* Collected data
#####

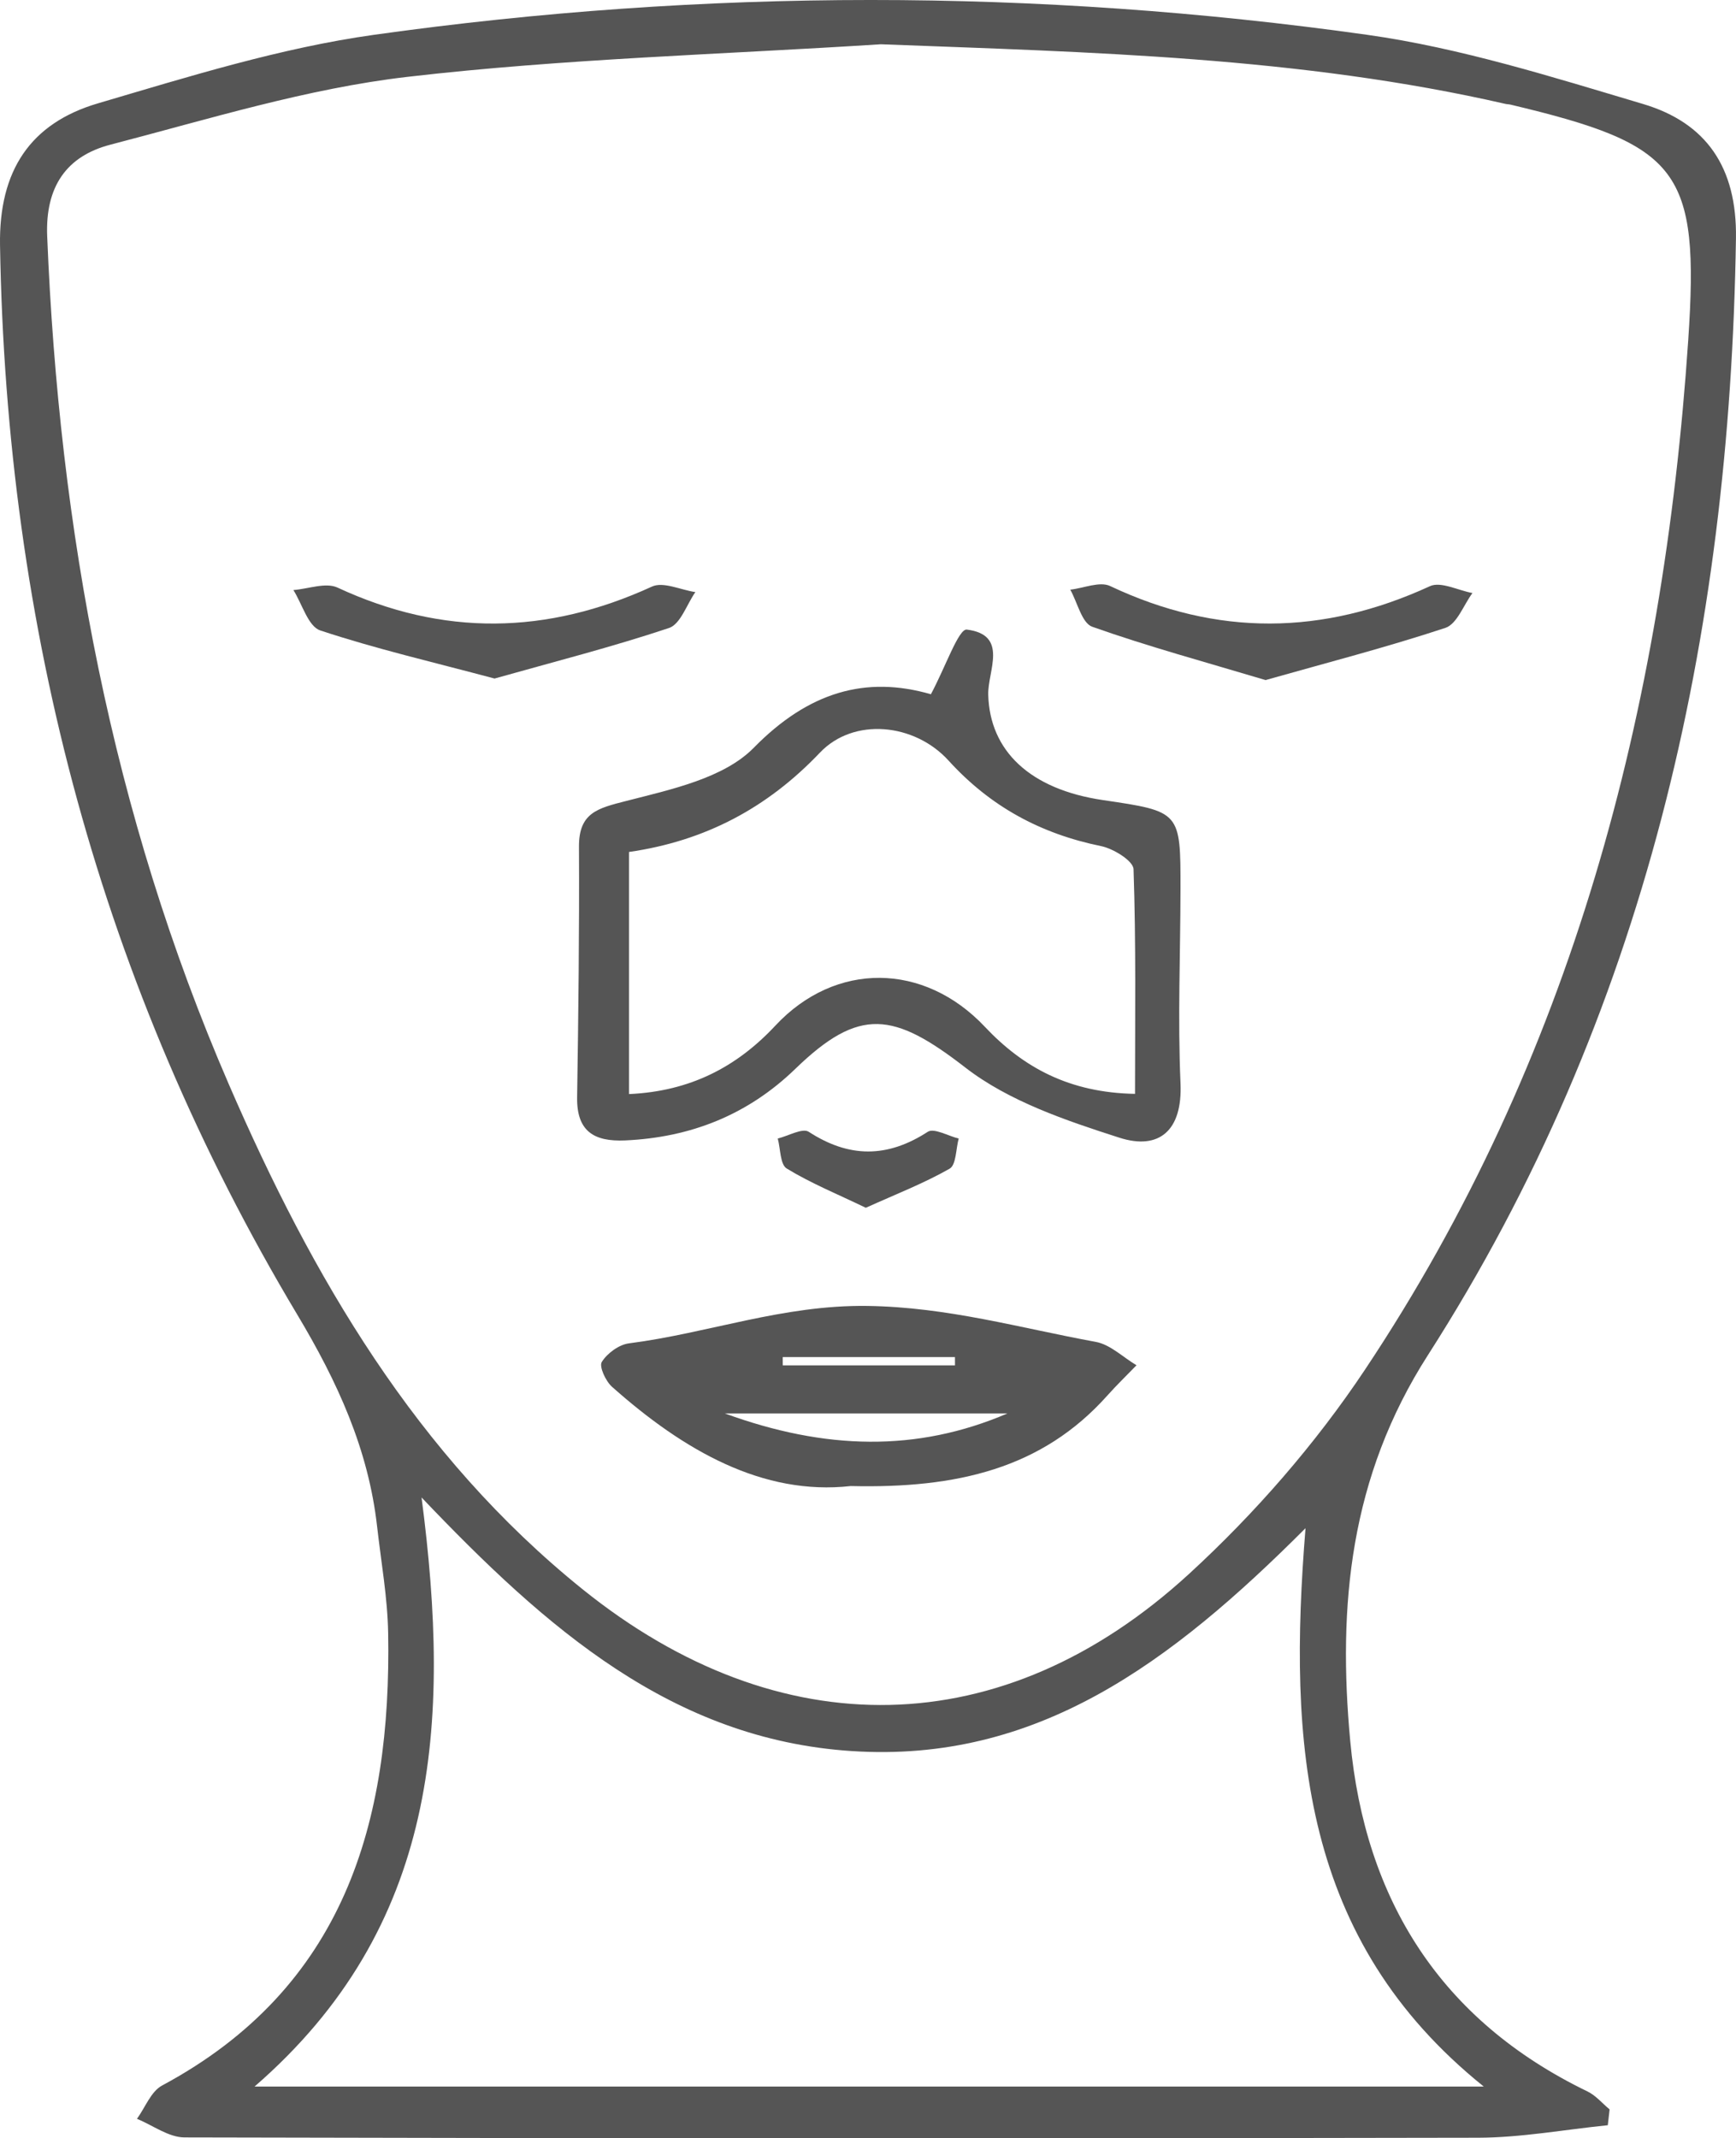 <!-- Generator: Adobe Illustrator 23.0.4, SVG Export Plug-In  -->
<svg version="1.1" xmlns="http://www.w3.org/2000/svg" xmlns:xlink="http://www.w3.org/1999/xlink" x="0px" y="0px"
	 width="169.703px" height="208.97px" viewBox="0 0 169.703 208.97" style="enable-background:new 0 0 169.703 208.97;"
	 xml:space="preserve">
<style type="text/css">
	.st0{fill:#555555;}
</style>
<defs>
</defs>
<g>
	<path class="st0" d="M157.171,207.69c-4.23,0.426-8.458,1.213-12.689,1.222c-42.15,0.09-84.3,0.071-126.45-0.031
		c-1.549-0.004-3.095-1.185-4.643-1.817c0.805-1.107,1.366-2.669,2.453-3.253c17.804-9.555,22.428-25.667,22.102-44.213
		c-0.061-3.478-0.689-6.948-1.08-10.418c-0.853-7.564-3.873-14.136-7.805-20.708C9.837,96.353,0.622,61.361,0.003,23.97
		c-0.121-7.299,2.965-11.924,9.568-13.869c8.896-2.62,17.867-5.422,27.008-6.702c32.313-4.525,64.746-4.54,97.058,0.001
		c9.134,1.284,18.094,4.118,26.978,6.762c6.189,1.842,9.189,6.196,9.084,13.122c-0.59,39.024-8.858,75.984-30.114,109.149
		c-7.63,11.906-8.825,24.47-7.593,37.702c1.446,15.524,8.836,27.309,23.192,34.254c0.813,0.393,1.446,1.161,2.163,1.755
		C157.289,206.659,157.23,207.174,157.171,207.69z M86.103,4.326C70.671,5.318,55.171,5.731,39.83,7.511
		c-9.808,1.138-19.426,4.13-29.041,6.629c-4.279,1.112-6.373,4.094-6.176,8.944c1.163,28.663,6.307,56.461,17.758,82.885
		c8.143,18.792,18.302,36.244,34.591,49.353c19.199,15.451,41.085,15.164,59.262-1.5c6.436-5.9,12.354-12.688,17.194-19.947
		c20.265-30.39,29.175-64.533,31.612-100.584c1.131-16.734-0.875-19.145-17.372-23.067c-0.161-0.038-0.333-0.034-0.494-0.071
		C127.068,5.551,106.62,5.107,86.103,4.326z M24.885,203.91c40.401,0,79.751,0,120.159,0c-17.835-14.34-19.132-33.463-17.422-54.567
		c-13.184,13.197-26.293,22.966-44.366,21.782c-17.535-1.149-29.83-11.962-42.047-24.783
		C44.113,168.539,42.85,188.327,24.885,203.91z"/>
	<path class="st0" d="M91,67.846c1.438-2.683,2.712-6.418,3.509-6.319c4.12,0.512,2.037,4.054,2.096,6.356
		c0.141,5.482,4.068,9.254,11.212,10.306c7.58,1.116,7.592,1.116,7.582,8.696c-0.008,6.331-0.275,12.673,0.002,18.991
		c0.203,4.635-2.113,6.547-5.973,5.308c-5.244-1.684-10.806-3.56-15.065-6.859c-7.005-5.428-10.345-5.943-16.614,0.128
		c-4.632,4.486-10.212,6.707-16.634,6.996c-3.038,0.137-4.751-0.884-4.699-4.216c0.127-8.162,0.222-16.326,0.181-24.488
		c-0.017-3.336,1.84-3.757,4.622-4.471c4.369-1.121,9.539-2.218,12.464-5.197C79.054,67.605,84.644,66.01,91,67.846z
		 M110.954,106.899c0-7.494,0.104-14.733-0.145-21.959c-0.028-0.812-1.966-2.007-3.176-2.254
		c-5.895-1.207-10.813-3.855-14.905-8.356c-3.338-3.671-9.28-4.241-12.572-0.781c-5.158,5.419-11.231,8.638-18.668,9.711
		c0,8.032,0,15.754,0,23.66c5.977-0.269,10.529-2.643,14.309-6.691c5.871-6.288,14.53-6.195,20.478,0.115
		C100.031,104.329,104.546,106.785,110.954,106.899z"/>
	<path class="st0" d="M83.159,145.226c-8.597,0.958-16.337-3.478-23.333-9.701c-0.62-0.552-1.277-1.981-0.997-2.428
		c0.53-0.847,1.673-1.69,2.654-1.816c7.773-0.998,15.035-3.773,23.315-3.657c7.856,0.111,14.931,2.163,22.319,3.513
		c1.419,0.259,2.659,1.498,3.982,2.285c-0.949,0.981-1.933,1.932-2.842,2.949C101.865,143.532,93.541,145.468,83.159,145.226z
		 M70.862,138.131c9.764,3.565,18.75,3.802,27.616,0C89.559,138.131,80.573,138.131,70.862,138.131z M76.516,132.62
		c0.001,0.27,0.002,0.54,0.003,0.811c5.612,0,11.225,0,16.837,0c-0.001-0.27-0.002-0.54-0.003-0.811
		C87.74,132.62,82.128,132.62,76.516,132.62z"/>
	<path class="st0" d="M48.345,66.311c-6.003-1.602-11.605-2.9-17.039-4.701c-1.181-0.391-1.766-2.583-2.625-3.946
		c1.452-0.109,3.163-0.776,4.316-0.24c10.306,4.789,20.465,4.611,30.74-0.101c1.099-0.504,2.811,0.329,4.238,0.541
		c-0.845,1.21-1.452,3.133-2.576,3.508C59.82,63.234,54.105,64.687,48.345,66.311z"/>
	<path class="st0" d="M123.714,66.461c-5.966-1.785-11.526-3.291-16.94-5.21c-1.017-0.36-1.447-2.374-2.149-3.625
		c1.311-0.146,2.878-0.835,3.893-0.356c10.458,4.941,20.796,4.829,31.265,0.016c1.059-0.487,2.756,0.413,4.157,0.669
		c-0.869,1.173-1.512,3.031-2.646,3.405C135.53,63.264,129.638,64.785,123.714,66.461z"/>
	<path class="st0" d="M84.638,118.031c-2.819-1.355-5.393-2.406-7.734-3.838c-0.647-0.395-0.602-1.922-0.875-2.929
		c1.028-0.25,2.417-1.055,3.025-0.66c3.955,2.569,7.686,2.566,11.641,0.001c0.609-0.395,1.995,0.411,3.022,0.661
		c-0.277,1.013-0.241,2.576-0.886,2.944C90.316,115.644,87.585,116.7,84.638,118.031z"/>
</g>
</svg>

#####

Copy every line above that includes the string "style".

	 width="169.703px" height="208.97px" viewBox="0 0 169.703 208.97" style="enable-background:new 0 0 169.703 208.97;"
<style type="text/css">
</style>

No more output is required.